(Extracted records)
━━━━━━━━━━

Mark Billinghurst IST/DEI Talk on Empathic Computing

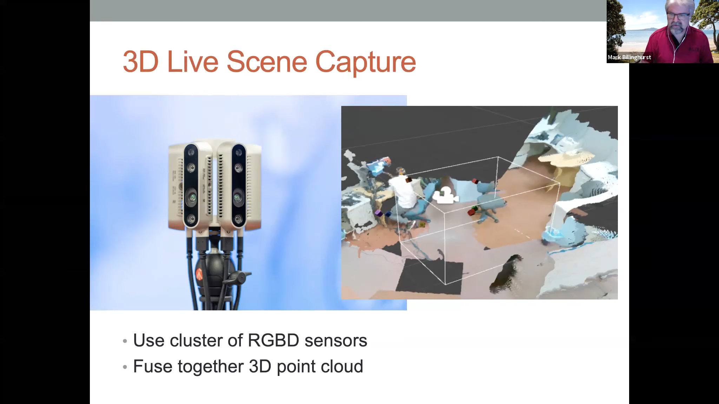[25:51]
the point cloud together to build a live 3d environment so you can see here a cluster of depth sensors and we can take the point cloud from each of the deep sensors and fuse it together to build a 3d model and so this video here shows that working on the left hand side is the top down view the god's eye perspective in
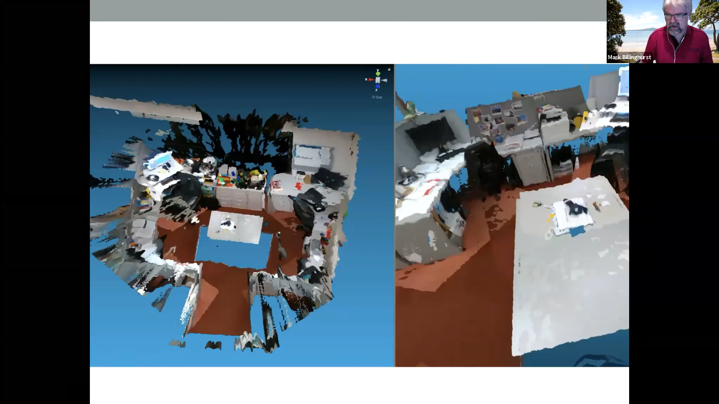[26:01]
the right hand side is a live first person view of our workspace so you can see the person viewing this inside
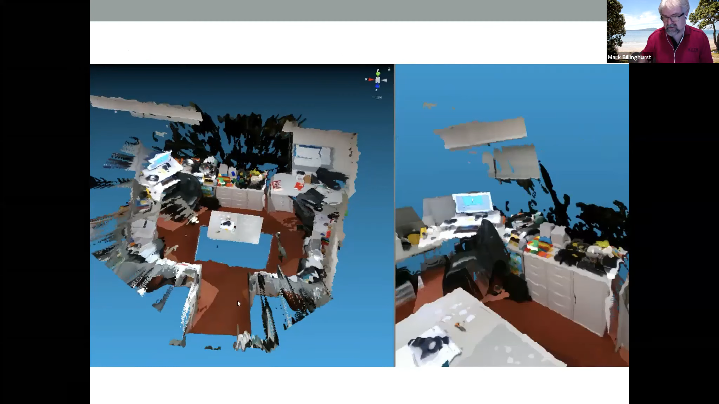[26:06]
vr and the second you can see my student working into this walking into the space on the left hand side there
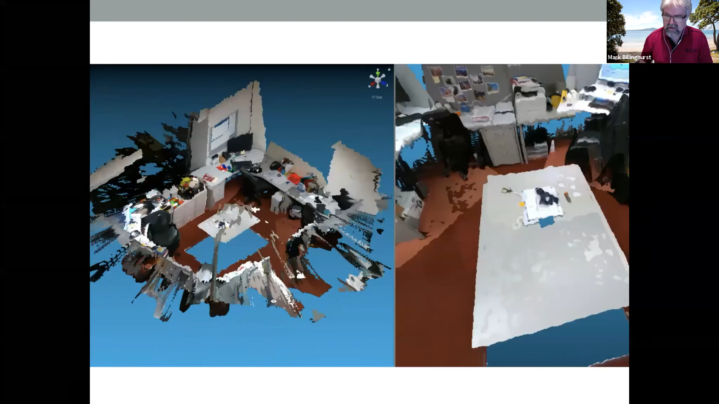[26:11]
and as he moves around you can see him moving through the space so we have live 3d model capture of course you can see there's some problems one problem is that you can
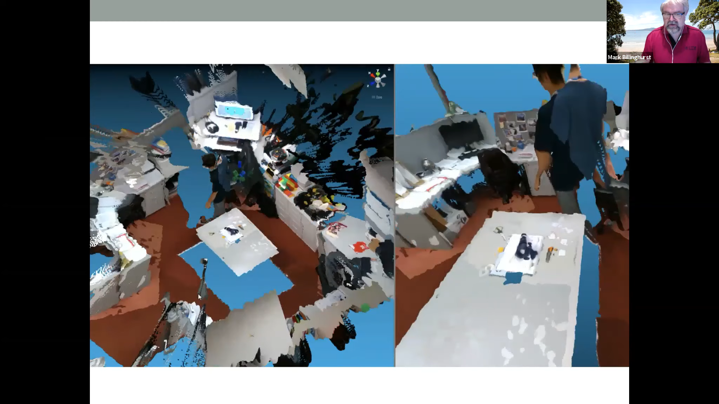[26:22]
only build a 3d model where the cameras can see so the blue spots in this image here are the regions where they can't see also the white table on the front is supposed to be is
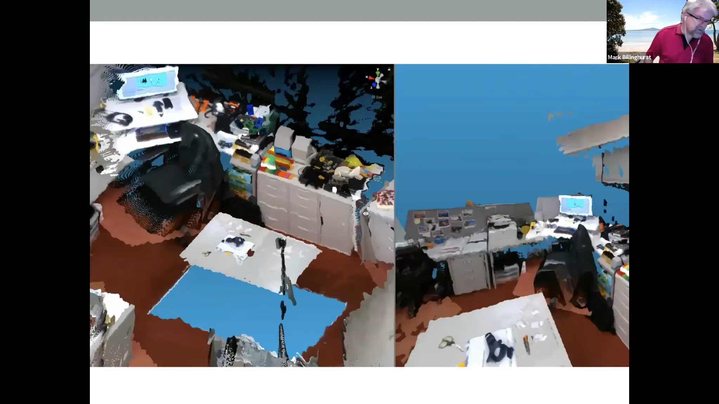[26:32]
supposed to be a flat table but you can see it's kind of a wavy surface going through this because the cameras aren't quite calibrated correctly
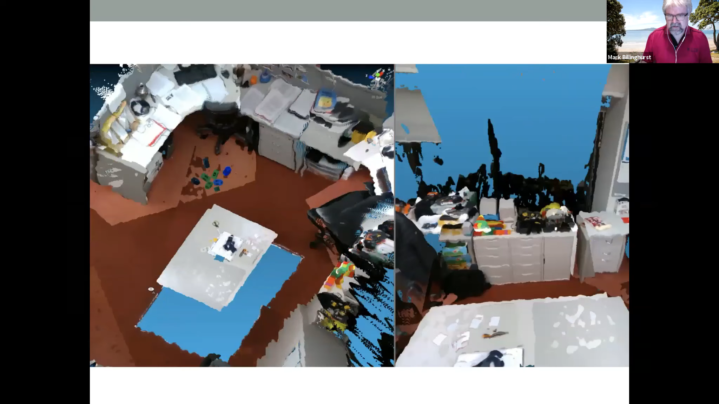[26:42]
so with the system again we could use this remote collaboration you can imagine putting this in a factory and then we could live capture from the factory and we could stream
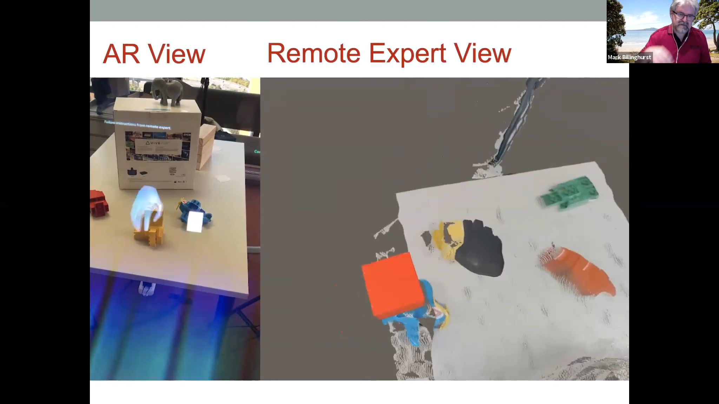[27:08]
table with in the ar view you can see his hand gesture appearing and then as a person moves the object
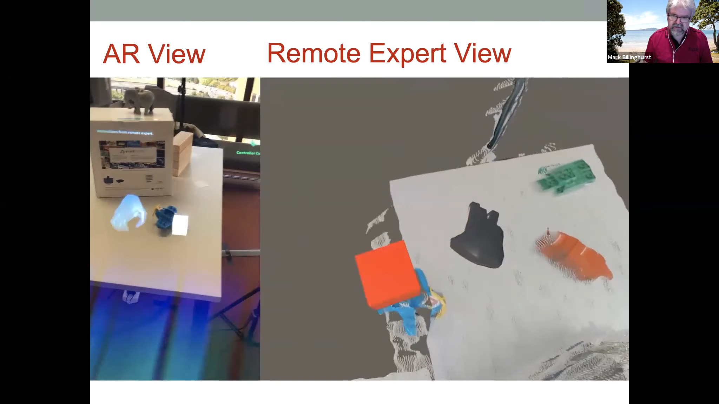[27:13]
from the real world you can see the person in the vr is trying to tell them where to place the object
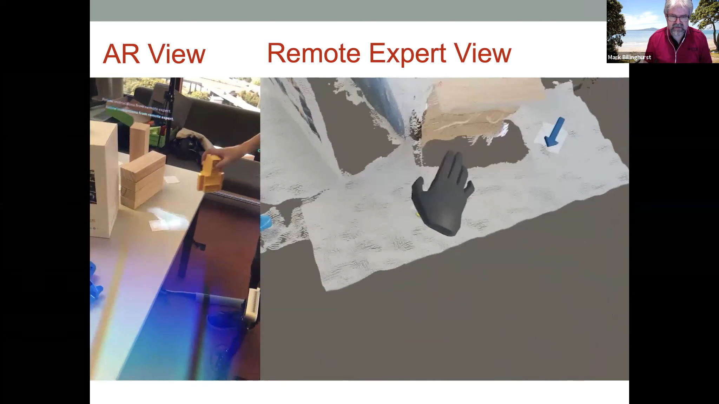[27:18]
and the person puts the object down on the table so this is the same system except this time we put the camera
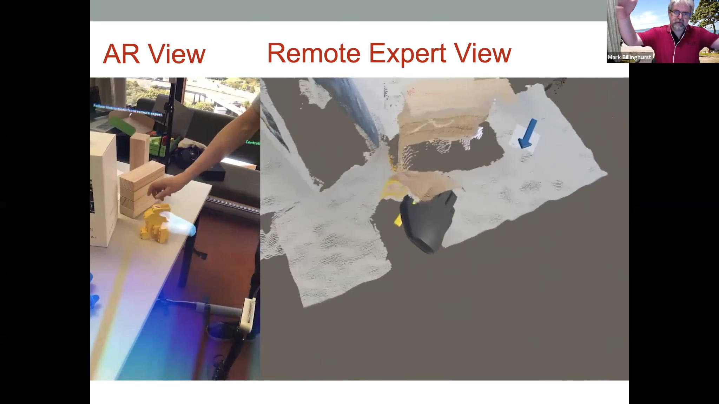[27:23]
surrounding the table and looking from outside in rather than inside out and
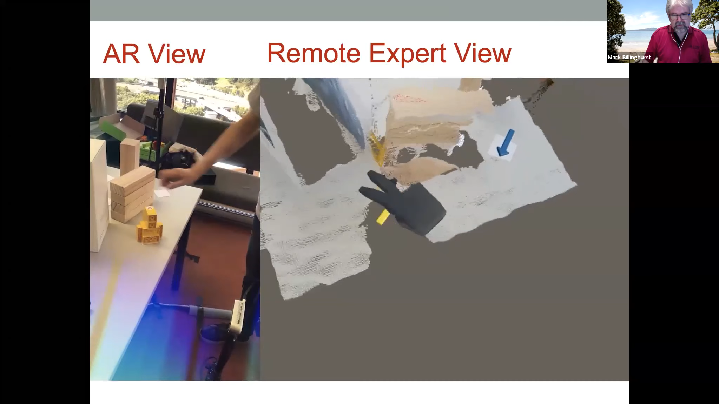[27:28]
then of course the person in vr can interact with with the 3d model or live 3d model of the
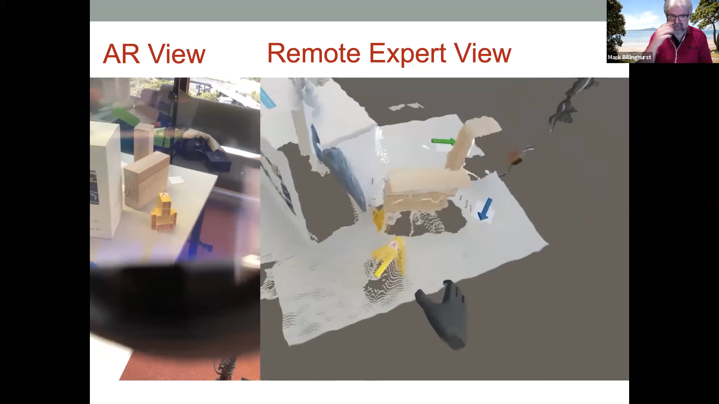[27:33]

━━━━━━━━━━

(WHAT IS BEING ASKED): Return all the data exactly, pictures omitted.

(ANSWER TO THE EXERCISE):
Mark Billinghurst IST/DEI Talk on Empathic Computing

[25:51]
the point cloud together to build a live 3d environment so you can see here a cluster of depth sensors and we can take the point cloud from each of the deep sensors and fuse it together to build a 3d model and so this video here shows that working on the left hand side is the top down view the god's eye perspective in
[26:01]
the right hand side is a live first person view of our workspace so you can see the person viewing this inside
[26:06]
vr and the second you can see my student working into this walking into the space on the left hand side there
[26:11]
and as he moves around you can see him moving through the space so we have live 3d model capture of course you can see there's some problems one problem is that you can
[26:22]
only build a 3d model where the cameras can see so the blue spots in this image here are the regions where they can't see also the white table on the front is supposed to be is
[26:32]
supposed to be a flat table but you can see it's kind of a wavy surface going through this because the cameras aren't quite calibrated correctly
[26:42]
so with the system again we could use this remote collaboration you can imagine putting this in a factory and then we could live capture from the factory and we could stream
[27:08]
table with in the ar view you can see his hand gesture appearing and then as a person moves the object
[27:13]
from the real world you can see the person in the vr is trying to tell them where to place the object
[27:18]
and the person puts the object down on the table so this is the same system except this time we put the camera
[27:23]
surrounding the table and looking from outside in rather than inside out and
[27:28]
then of course the person in vr can interact with with the 3d model or live 3d model of the
[27:33]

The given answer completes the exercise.